CHAMAMÉ, EL AMOR QUE NO TEME AL TIEMPO
Aquí el amor no es solo un sentimiento; es un paisaje que respira. Es el río Paraná que se abraza al manto de plata que refleja la luna, espejo del alma.
Aquí, el amor no se dice; canta historias que nadie se atreve a contar y se recibe como brisa que lleva perfume de azahares.
Chamamé, acervo infinito donde el tiempo no existe, donde el cuerpo vencido resucita en forma canto que jamás se apaga.
Bendición que arrastra las penas de un pueblo que se convierte en leyenda susurrando:
En la brisa del río que murmura,
se alza el canto de la nación que no olvida,
el chamamé, eco de los de antes,
florece en la tierra, en la danza y se erige.
Cantan el río y los bosques,
se entrelazan sus voces, se encienden,
en cada acorde, el alma despierta,
y el avío danza, se eleva y se pierde.
Desde el monte, la música resuena,
y la luna sobre el Paraná brilla,
el chamamé es fe, es devoción,
es avío que cumple con sus votos y no olvida.

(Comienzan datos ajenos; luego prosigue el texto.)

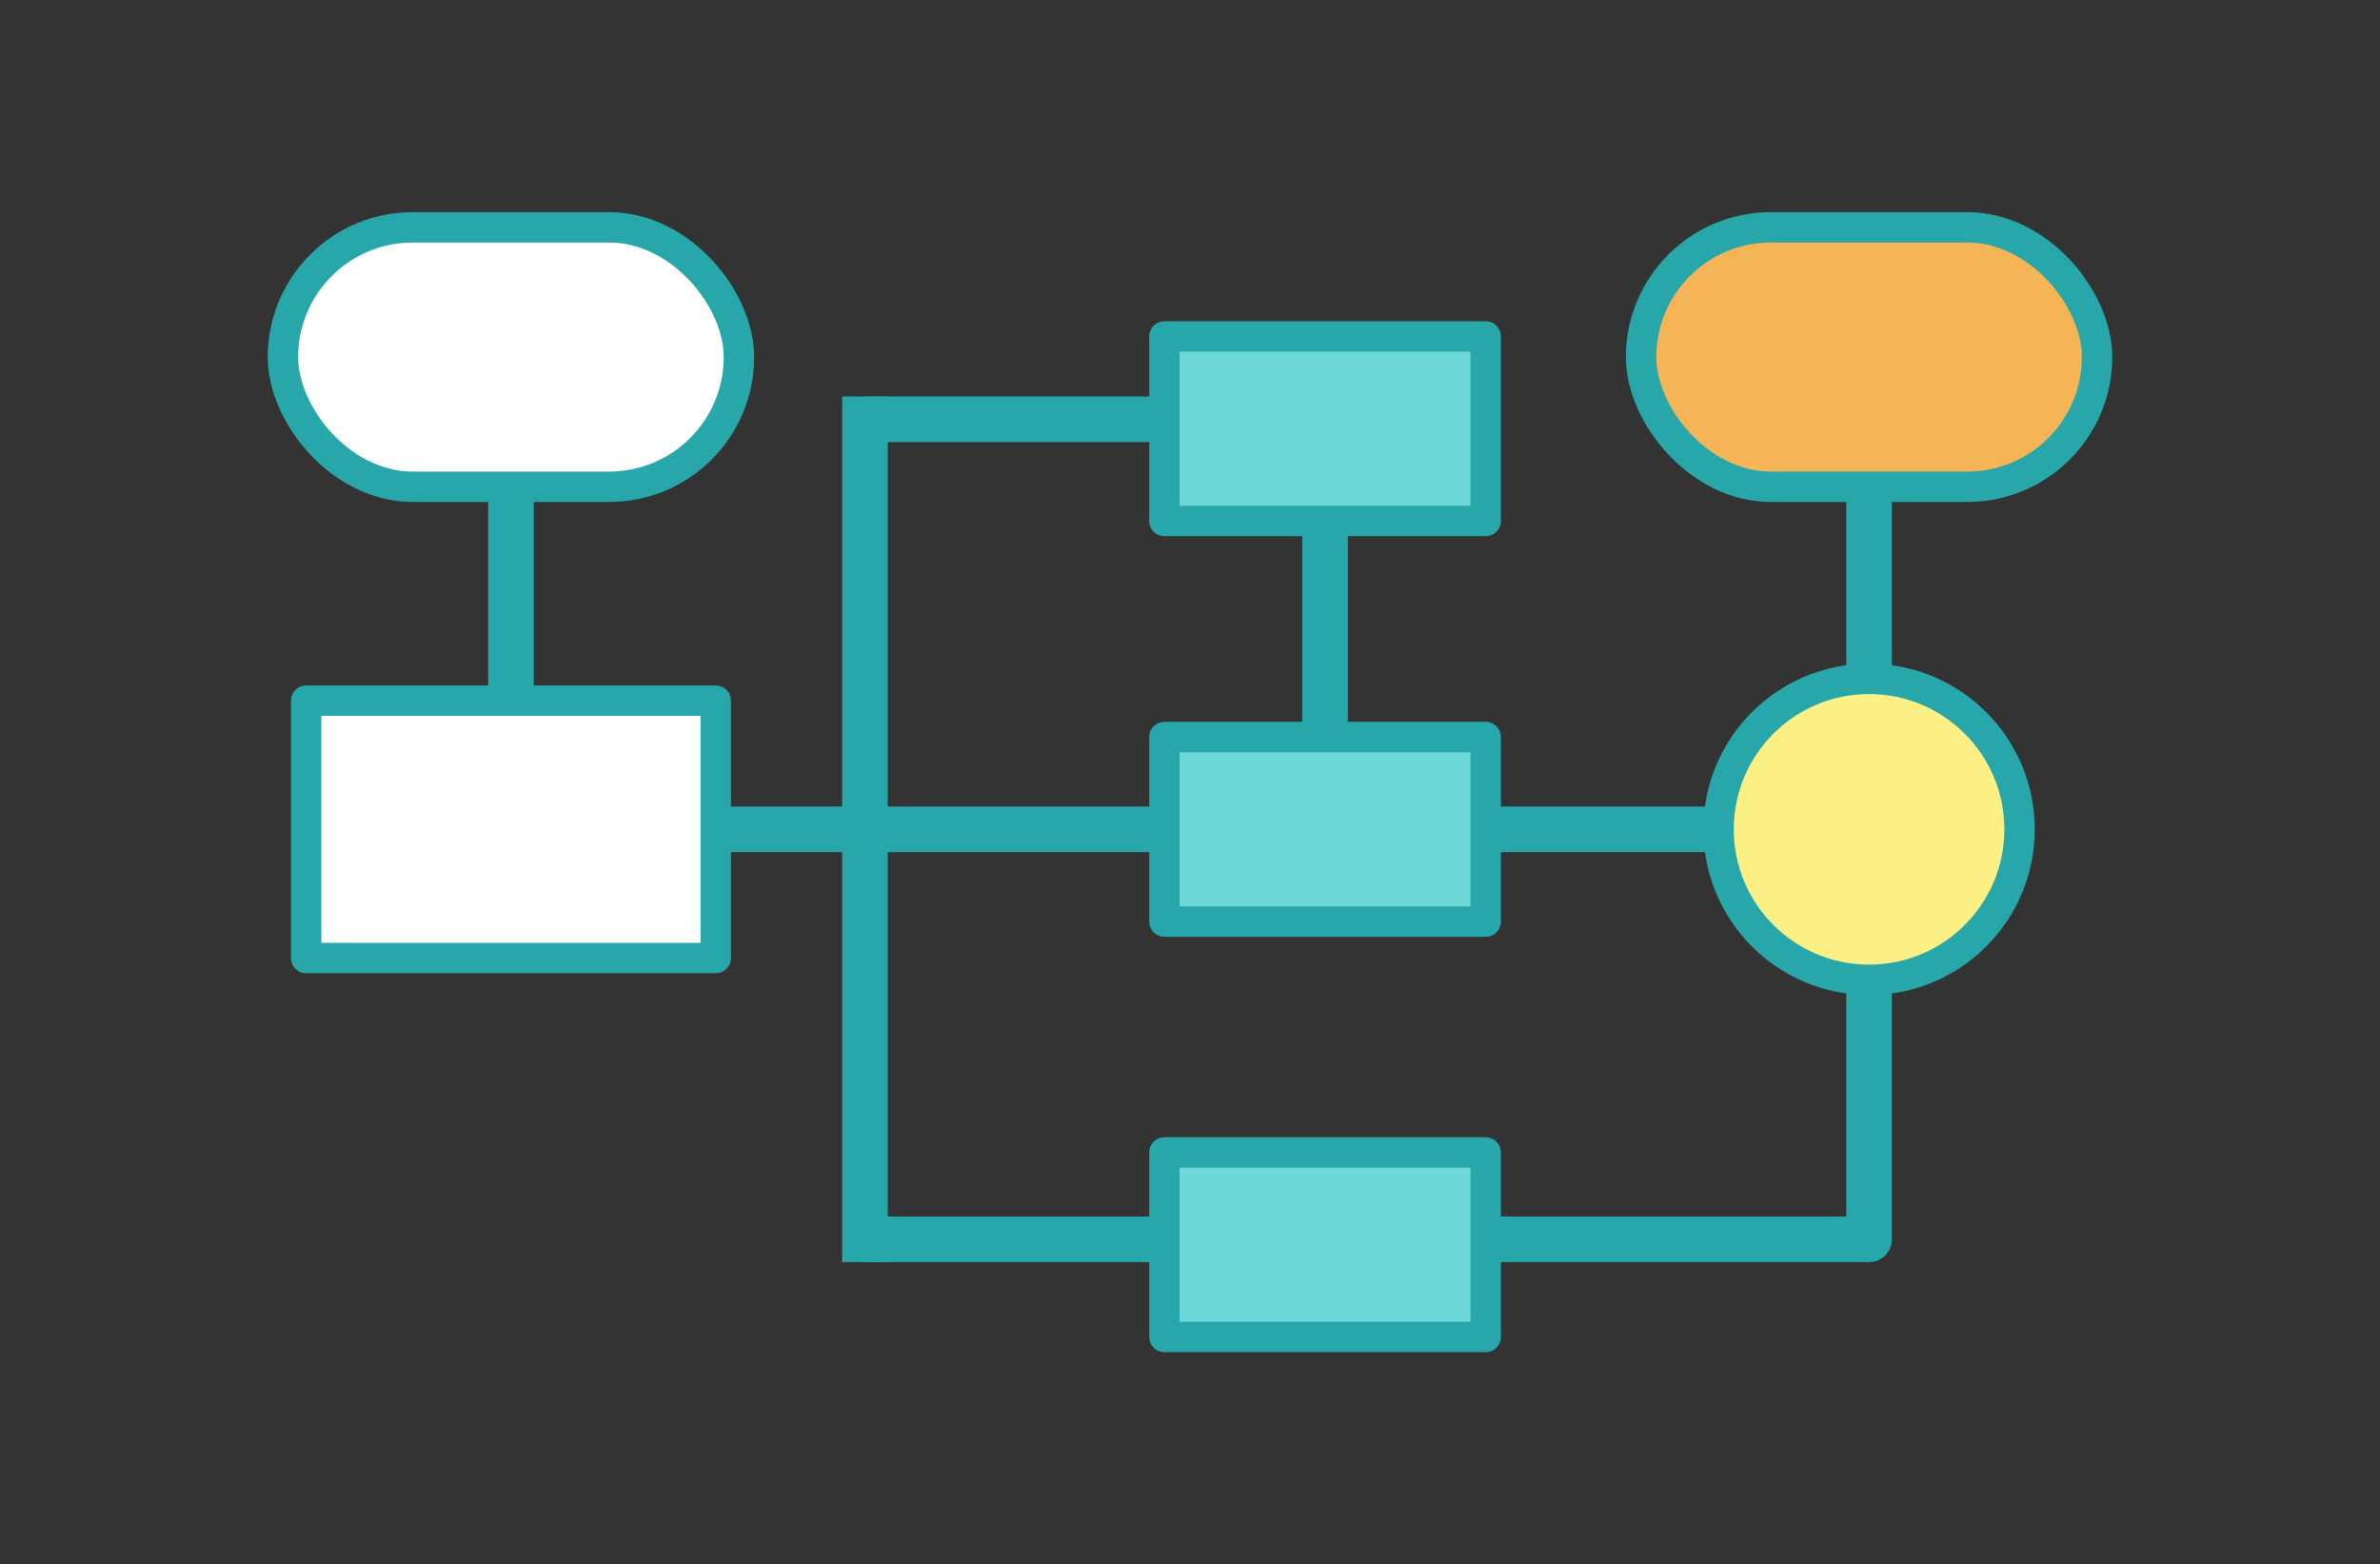 <svg xmlns="http://www.w3.org/2000/svg" width="143" height="94"><rect width="100%" height="100%" fill="#333333" stroke="none"/><g stroke="#27a7aa" stroke-linejoin="round"><rect x="17" y="13.661" width="27.398" height="15.589" rx="7.794" ry="7.794" fill="#fff" stroke-linecap="round" stroke-width="1.827"/><rect x="98.602" y="13.661" width="27.398" height="15.589" rx="7.794" ry="7.794" fill="#f5b556" stroke-linecap="round" stroke-width="1.827"/><path fill="none" stroke-width="2.74" d="M30.699 29.25v13.147"/><path fill="#fff" stroke-linecap="round" stroke-width="1.827" d="M18.395 42.101h24.609v15.466H18.395z"/><path fill="#fff" stroke-width="2.74" d="M51.971 25.196h18.852"/><path fill="none" stroke-width="2.74" d="M43.003 49.834h26.96M51.971 74.471h18.852"/><path fill="none" stroke-linecap="square" stroke-width="2.74" d="M51.971 25.196v49.275"/><path fill="#6fd8d8" stroke-linecap="round" stroke-width="1.827" d="M69.963 20.216h19.303v11.091H69.963zm0 24.072h19.303v11.091H69.963zm0 24.96h19.303v11.091H69.963z"/><path fill="none" stroke-width="2.74" d="M89.267 74.471h23.034V58.876m0-17.7V29.25M89.267 49.834h13.992"/><path fill="#fff" stroke-width="2.74" d="M79.615 31.75v12.538"/><circle cx="112.301" cy="49.834" r="9.042" fill="#fdf185" stroke-linecap="round" stroke-width="1.827"/></g></svg>

En la memoria de los ancestros,
resuena el canto de los guaraníes,
y en cada acorde, se alzan los ecos
de una historia que nunca olvida.
Porque la tierra canta en sus raíces,
el río murmura en su cauce,
y el chamamé, como eco antiguo,
se levanta desde el suelo,
semilla de un pueblo que nunca muere.
La tierra en su alma se guarda,
y en cada paso se escribe la historia,
un canto eterno, canto altivo,
es el chamamé, la gloria del pueblo.
Chamamé, sangre, fe y gesta viva,
en cada nota se alza la esperanza,
y en cada acorde se canta la vida,
llama viva de la memoria que nunca se apaga.